▸ Records supplied
BEGIN
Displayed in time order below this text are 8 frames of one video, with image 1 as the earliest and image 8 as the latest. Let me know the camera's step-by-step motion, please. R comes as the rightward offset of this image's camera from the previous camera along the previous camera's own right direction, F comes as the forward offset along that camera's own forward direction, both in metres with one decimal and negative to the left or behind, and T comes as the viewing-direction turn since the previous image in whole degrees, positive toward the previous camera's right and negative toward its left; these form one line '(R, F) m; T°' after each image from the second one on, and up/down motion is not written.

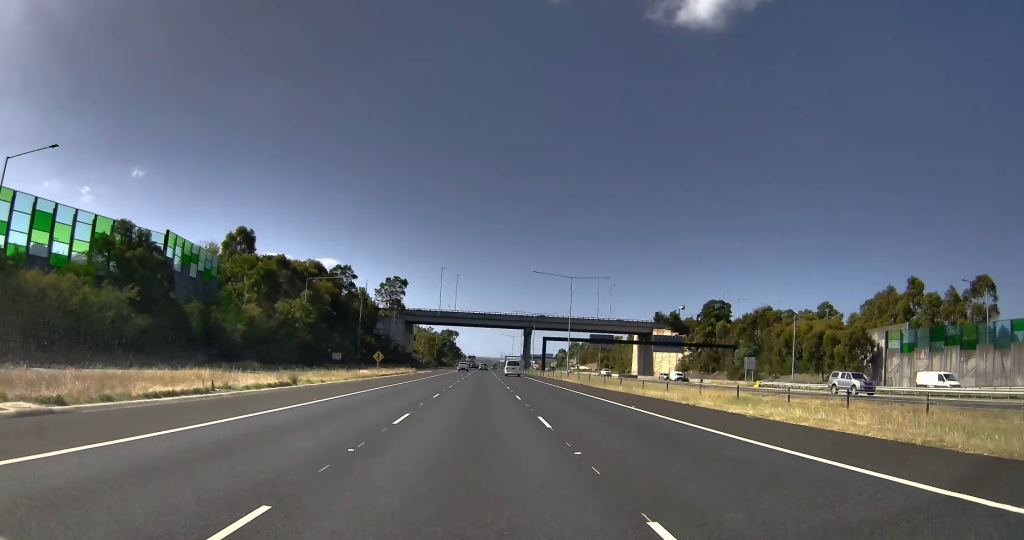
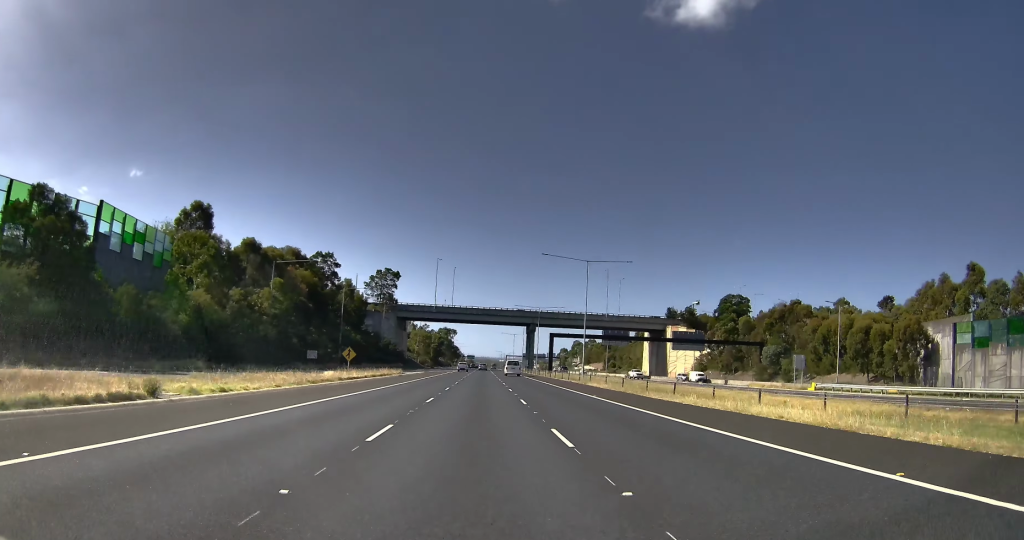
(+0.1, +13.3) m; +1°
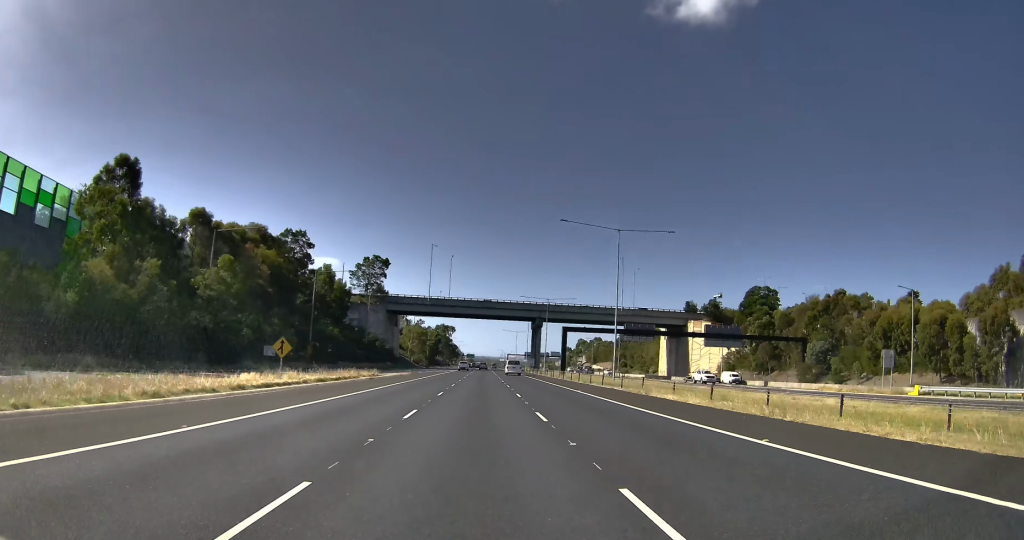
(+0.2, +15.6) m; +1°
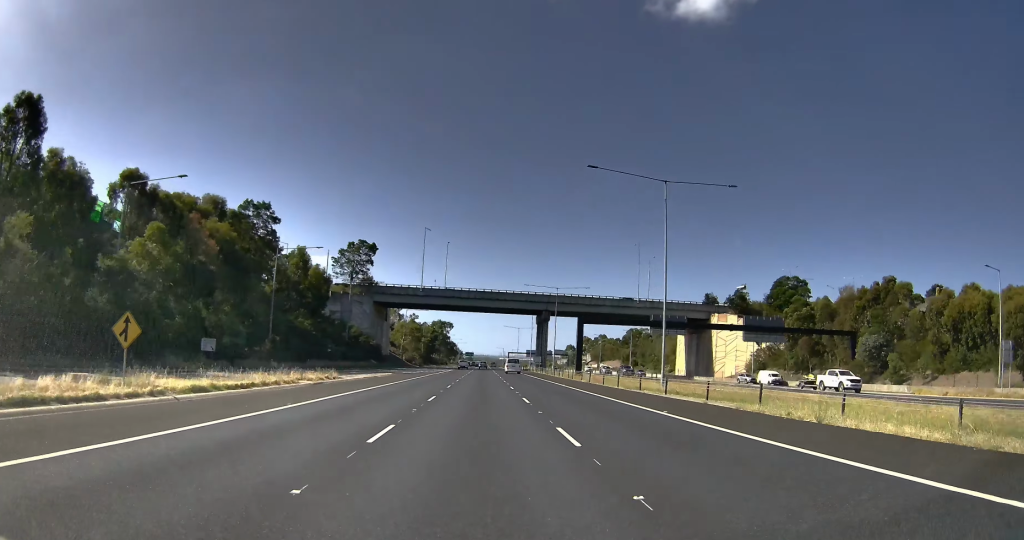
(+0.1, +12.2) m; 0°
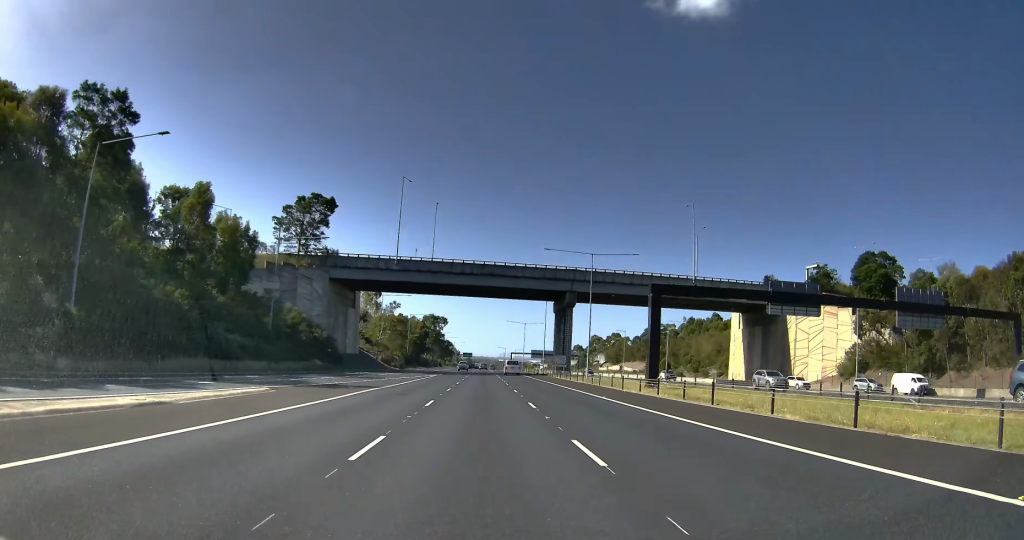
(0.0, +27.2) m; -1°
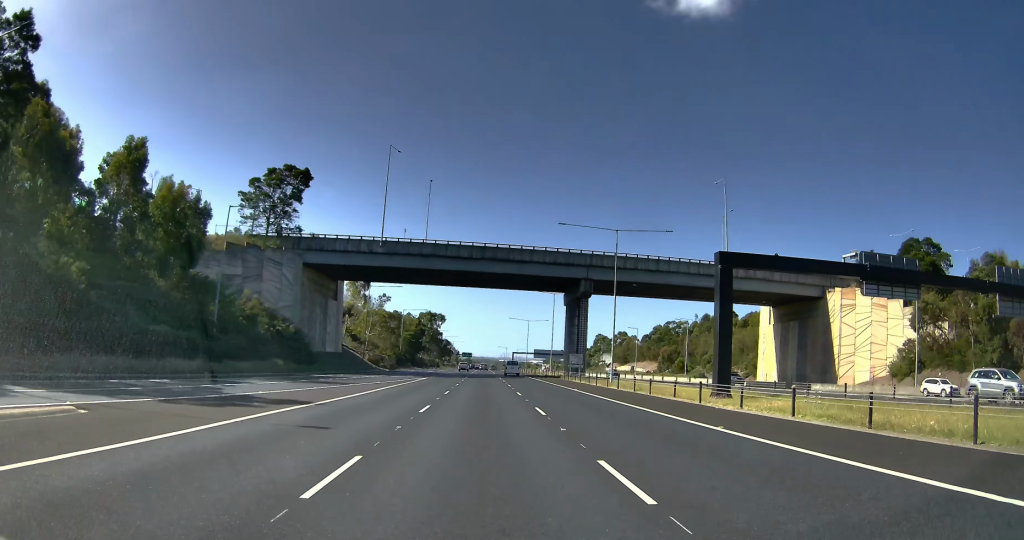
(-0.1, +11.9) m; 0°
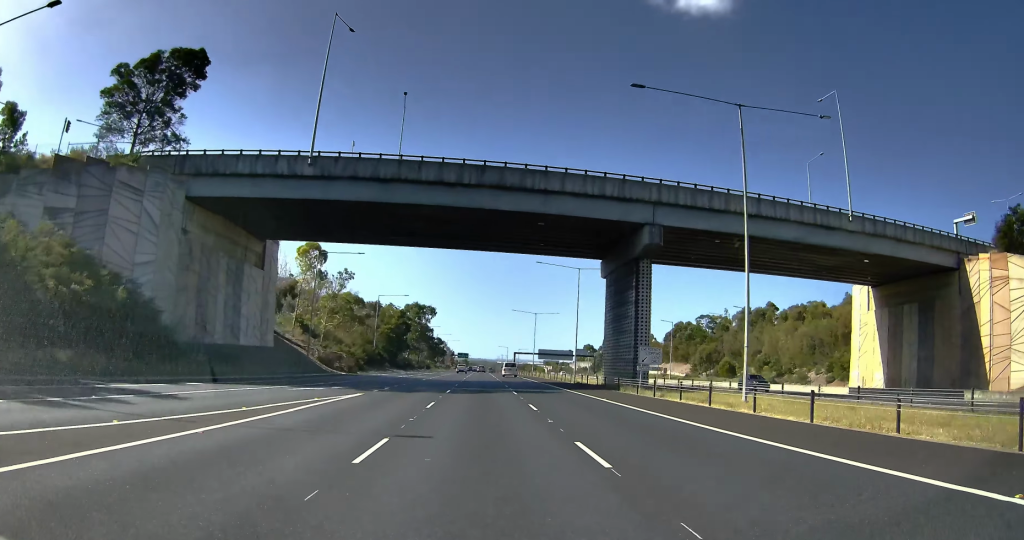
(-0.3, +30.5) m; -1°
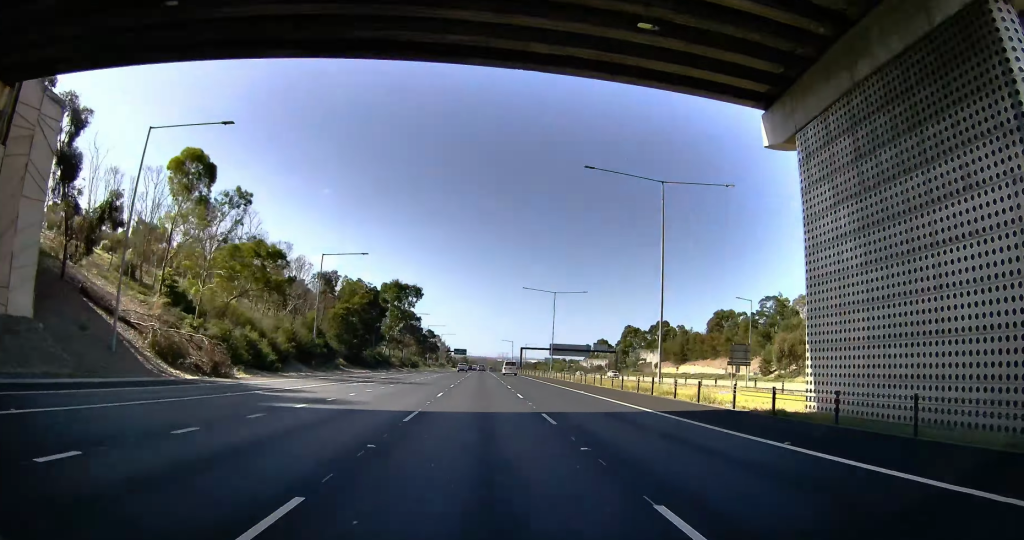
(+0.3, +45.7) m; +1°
END
▸ Task directions
Skipping all images, output the listing exactly.

▸ Task response
Displayed in time order below this text are 8 frames of one video, with image 1 as the earliest and image 8 as the latest. Let me know the camera's step-by-step motion, please. R comes as the rightward offset of this image's camera from the previous camera along the previous camera's own right direction, F comes as the forward offset along that camera's own forward direction, both in metres with one decimal and negative to the left or behind, and T comes as the viewing-direction turn since the previous image in whole degrees, positive toward the previous camera's right and negative toward its left; these form one line '(R, F) m; T°' after each image from the second one on, and up/down motion is not written.

(+0.1, +13.3) m; +1°
(+0.2, +15.6) m; +1°
(+0.1, +12.2) m; 0°
(0.0, +27.2) m; -1°
(-0.1, +11.9) m; 0°
(-0.3, +30.5) m; -1°
(+0.3, +45.7) m; +1°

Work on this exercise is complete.